So your brain also want to go there. But okay, we’ve thought about that already. We’ve thought about all the possibilities. Let’s think about this other thing instead. But when it comes to particularly overthinking a decision, should I start a business? Should I move city, should I whatever it is that you are overthinking and procrasti-researching about? What I want you to do is give yourself a time limit to decide what decision you’re going to make to make that decision.

And then when you do that, you want to make sure that you give yourself a period of time where you’re not going to allow yourself to second guess that decision to call that decision into question. Instead, you’re going to make that decision and follow through with it. So you might be overthinking a lot right now what’s gonna happen, and I don’t know what to do in this situation, let, uh, just make a decision, okay, I’m going to make the best decision I can with what I know now, which is this, and I’m going to stick to that decision.

Like, I’m not going to reconsider this, and make this decision again, for a week, a month, three months a year doesn’t matter. It’s whatever is relevant to that decision. But often we make decisions that we’ve been overthinking. Like, we finally get ourselves there. And then as soon as we make it, we go, oh, but actually should I should note, like, we go right back, because it feels so uncomfortable to make a decision because we love indulging in that overwhelm and that overthinking, so we just go back into it.

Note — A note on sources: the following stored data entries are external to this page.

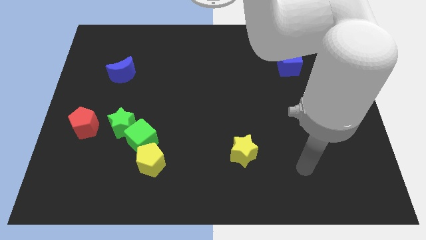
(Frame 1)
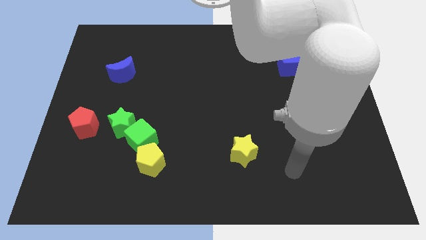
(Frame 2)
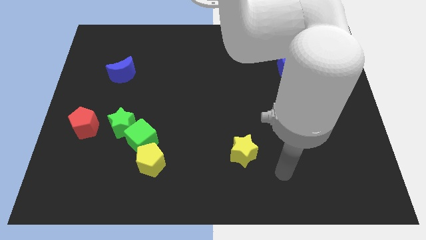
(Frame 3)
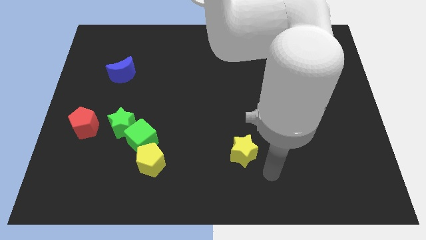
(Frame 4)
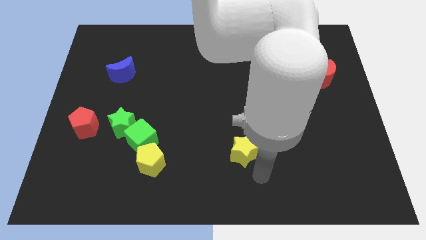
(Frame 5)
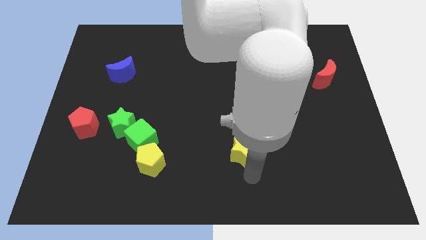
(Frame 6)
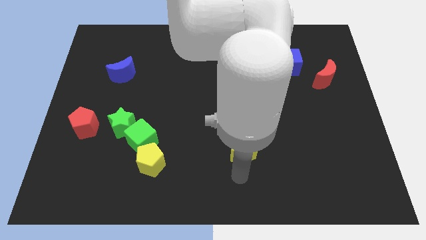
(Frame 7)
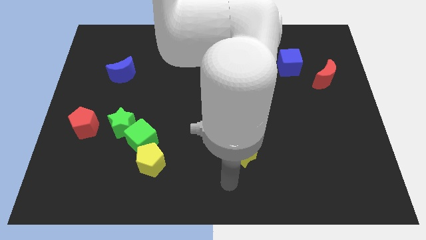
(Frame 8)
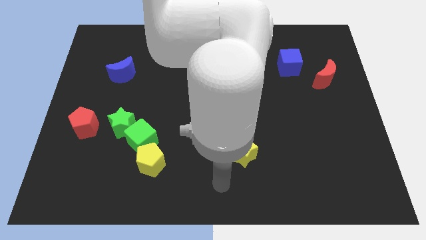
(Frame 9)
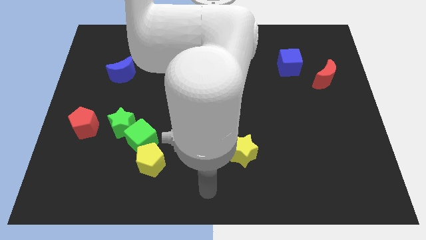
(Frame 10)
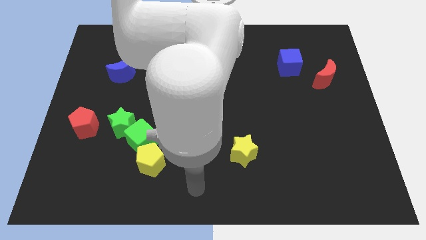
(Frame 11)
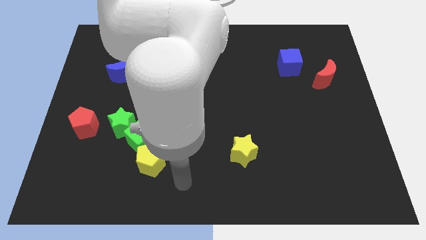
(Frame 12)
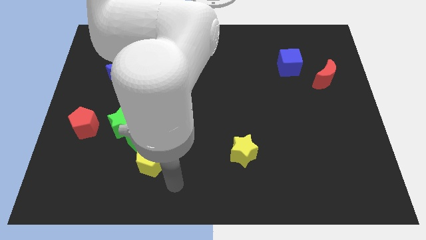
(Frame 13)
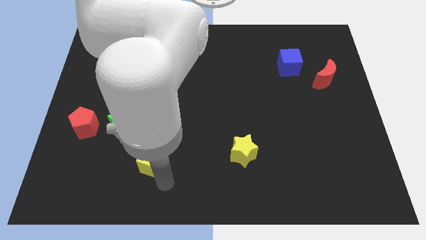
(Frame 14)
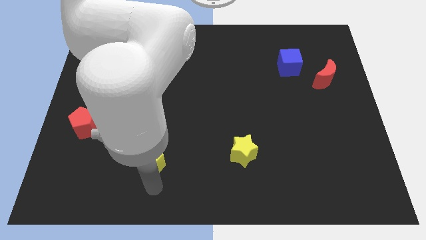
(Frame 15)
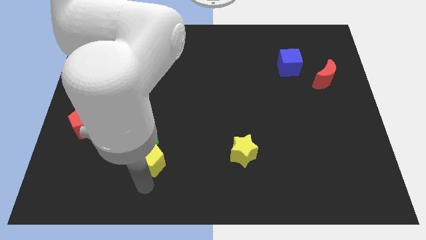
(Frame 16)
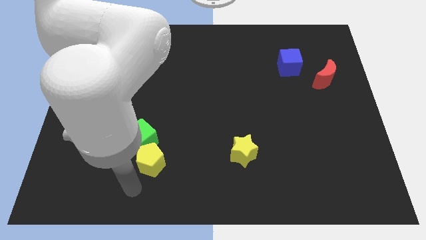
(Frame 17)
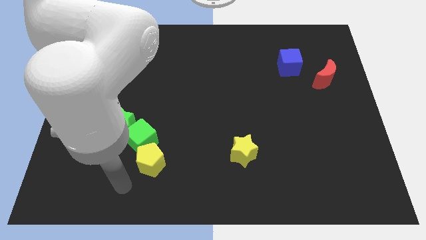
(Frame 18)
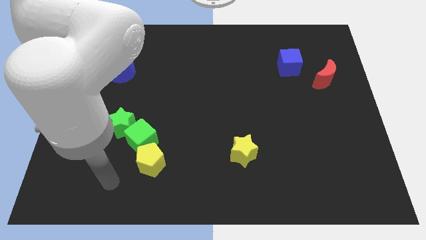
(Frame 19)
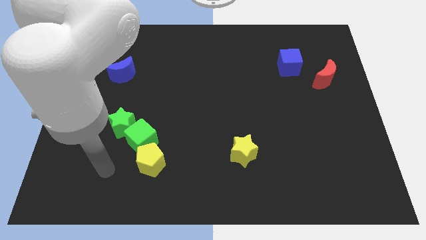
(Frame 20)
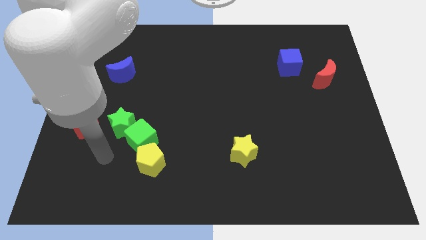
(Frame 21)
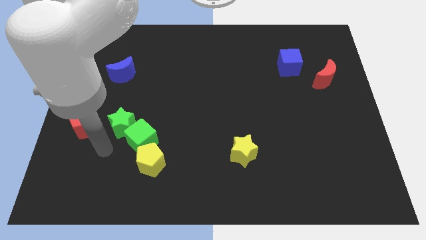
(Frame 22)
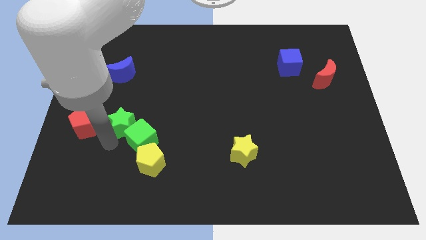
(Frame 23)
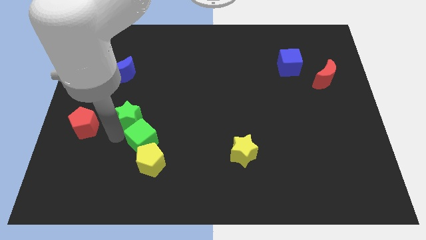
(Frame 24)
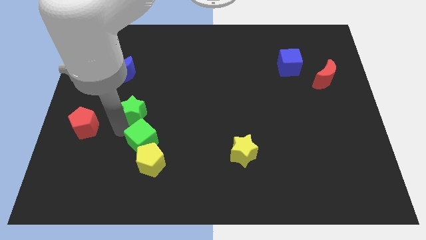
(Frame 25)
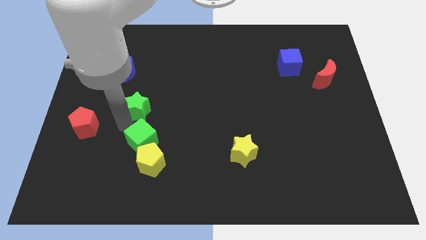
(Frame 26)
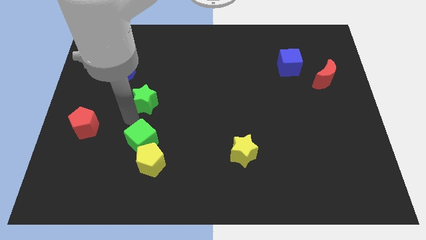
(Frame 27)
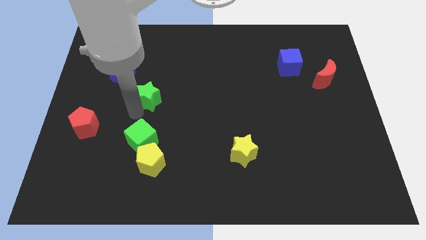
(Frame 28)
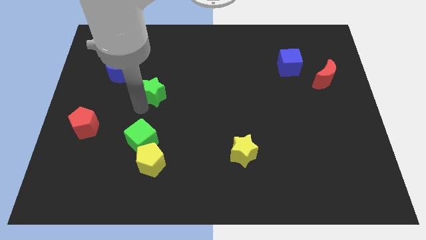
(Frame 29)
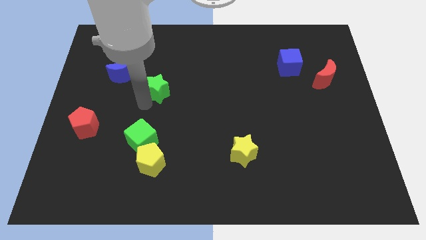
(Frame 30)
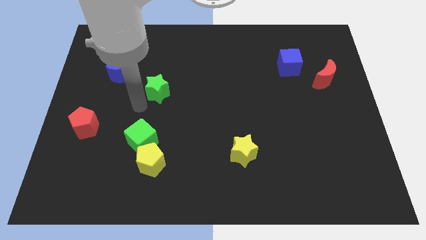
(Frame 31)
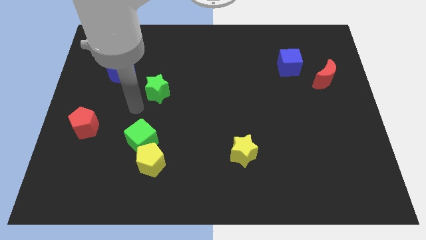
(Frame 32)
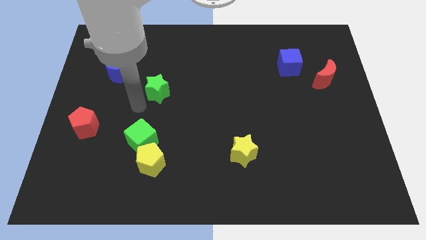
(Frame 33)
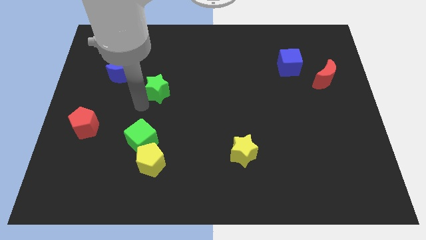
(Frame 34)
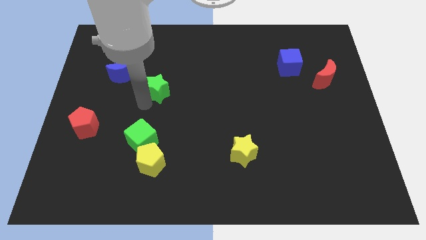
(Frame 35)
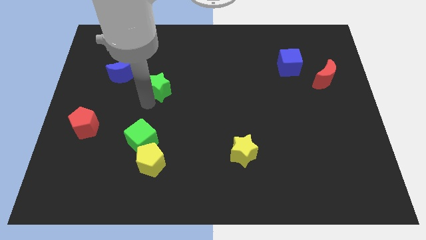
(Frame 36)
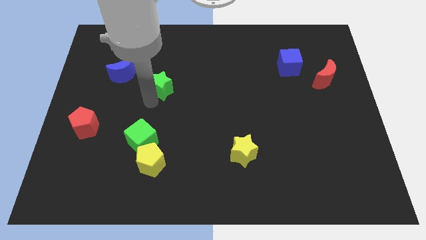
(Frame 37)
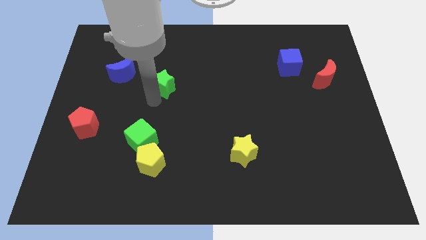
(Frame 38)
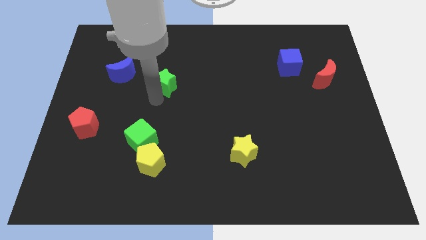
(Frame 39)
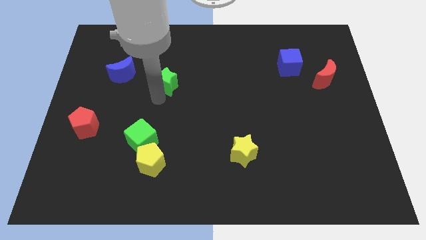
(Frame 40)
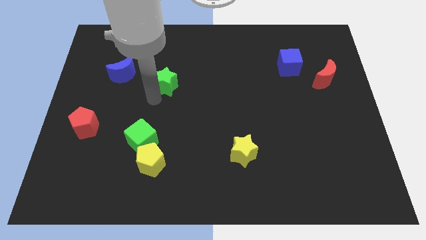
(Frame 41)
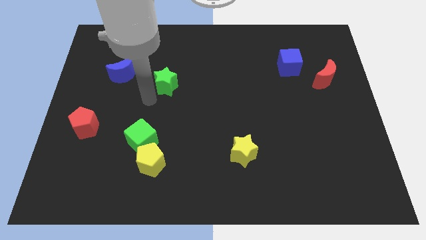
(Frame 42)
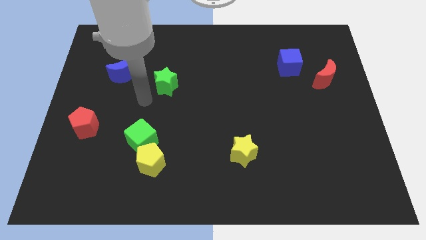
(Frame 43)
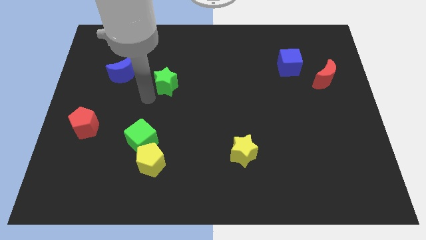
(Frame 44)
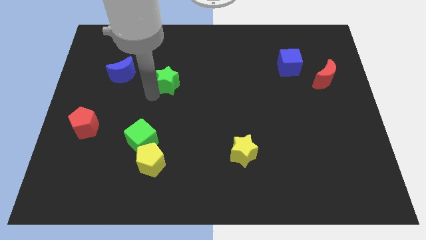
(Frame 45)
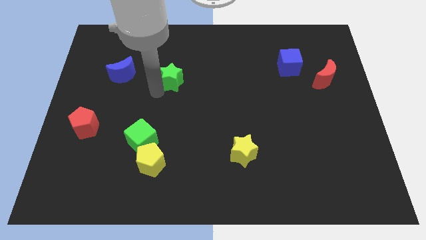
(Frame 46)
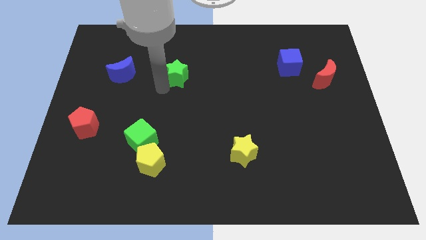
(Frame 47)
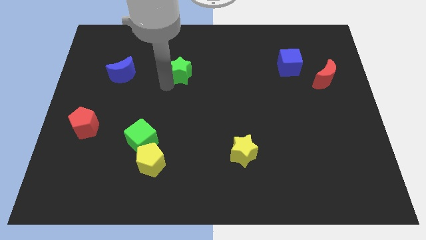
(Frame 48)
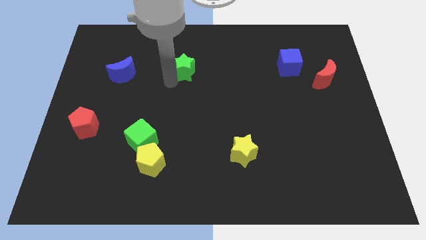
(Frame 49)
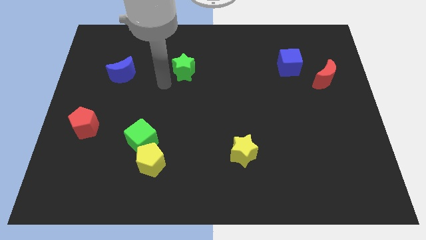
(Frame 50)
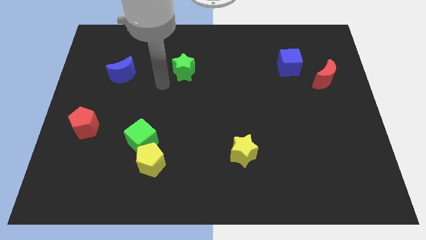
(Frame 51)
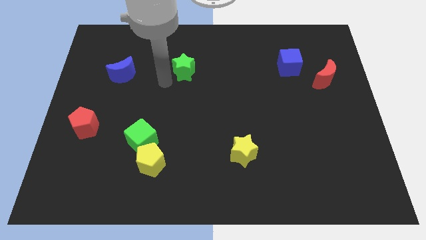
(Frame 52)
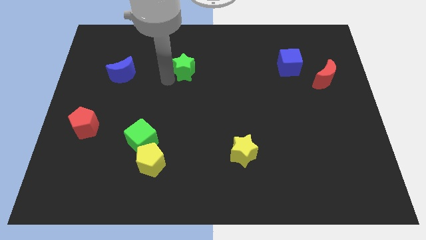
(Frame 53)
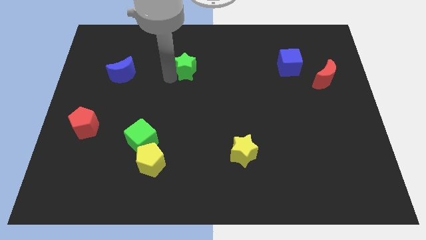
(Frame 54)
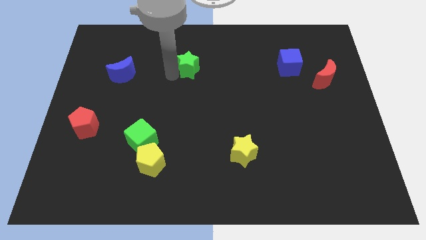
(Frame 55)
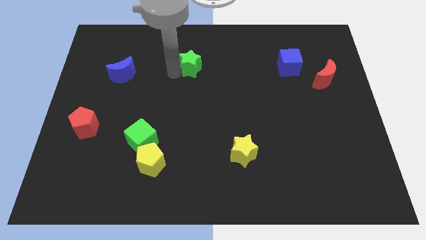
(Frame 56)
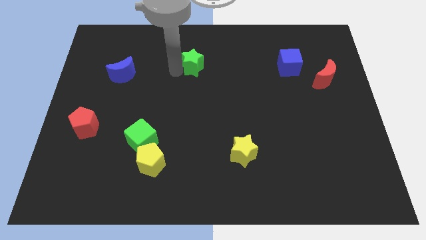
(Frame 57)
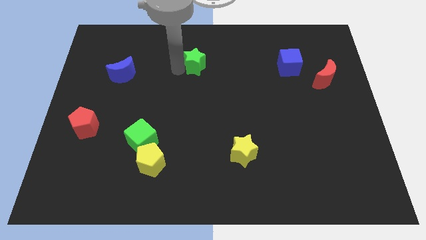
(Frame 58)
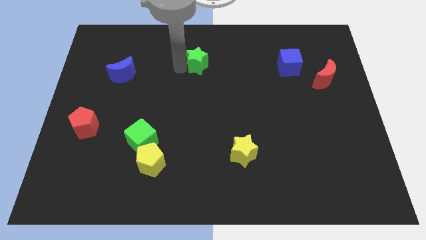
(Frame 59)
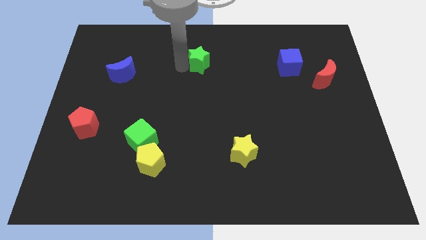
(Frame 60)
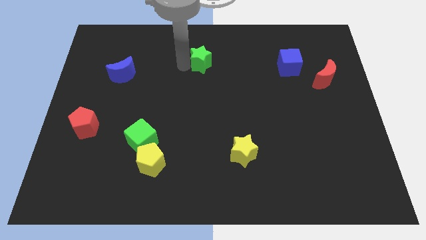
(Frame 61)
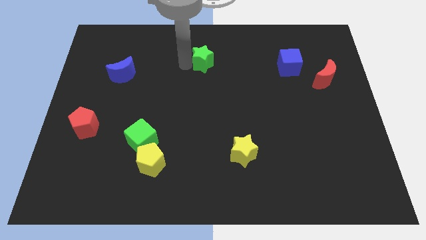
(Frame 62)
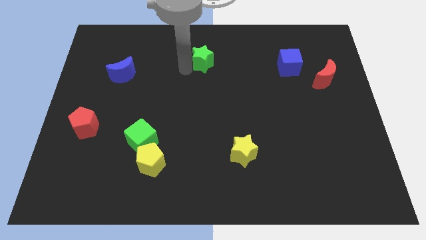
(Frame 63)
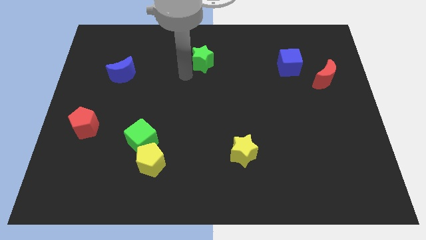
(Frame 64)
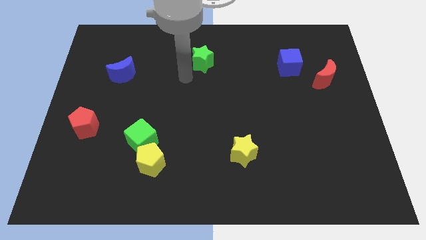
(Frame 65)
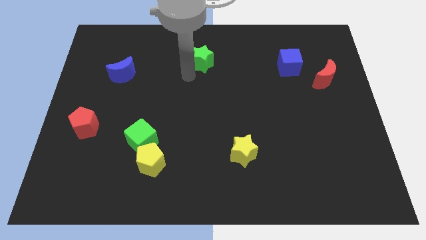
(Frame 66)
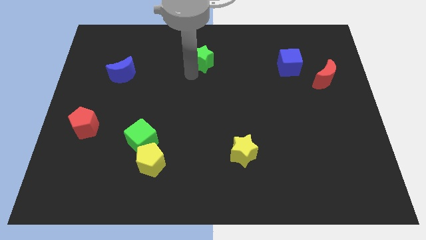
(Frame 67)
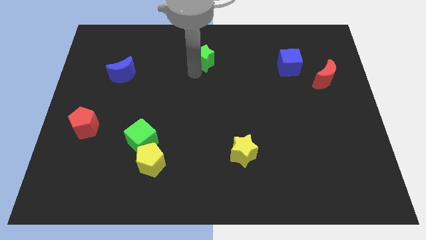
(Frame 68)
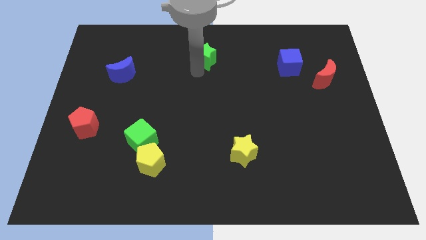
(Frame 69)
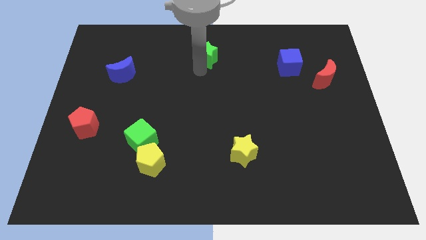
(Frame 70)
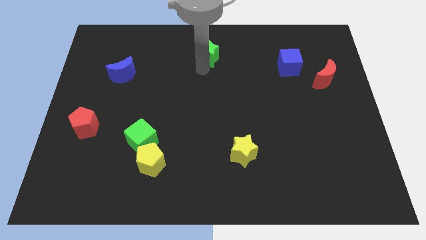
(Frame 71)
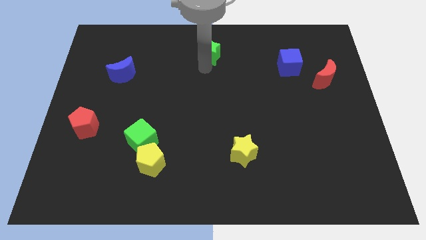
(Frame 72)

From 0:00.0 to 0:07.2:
slide the green star to the top side

So we want to give ourselves that time period where we’re not going to reconsider it. And when our brain wants to, we’re just gonna say, Hey, we’ve actually decided we’re not going to consider this again until the 30th of June. So just put that aside, and you can trust future self has got this. So that’s something that I do quite a lot. It has really helped me to get myself out of overwhelm and overthinking when I have been indulging in that and second guessing.

Also, if you are creating. If you are trying to put yourself out there to create something, maybe it’s YouTube, Instagram, blog post, is a project for work. Maybe it’s an assignment, any kind of creation, I found it to be extremely effective to give myself a timeline, a deadline for how long it will take. And I don’t create these deadlines and get other people to hold me accountable to them. I’m really a believer in being your own accountability, buddy. And learning to have your own back. So it’s not about saying to someone else, hey, here’s my deadline, can you hold me accountable?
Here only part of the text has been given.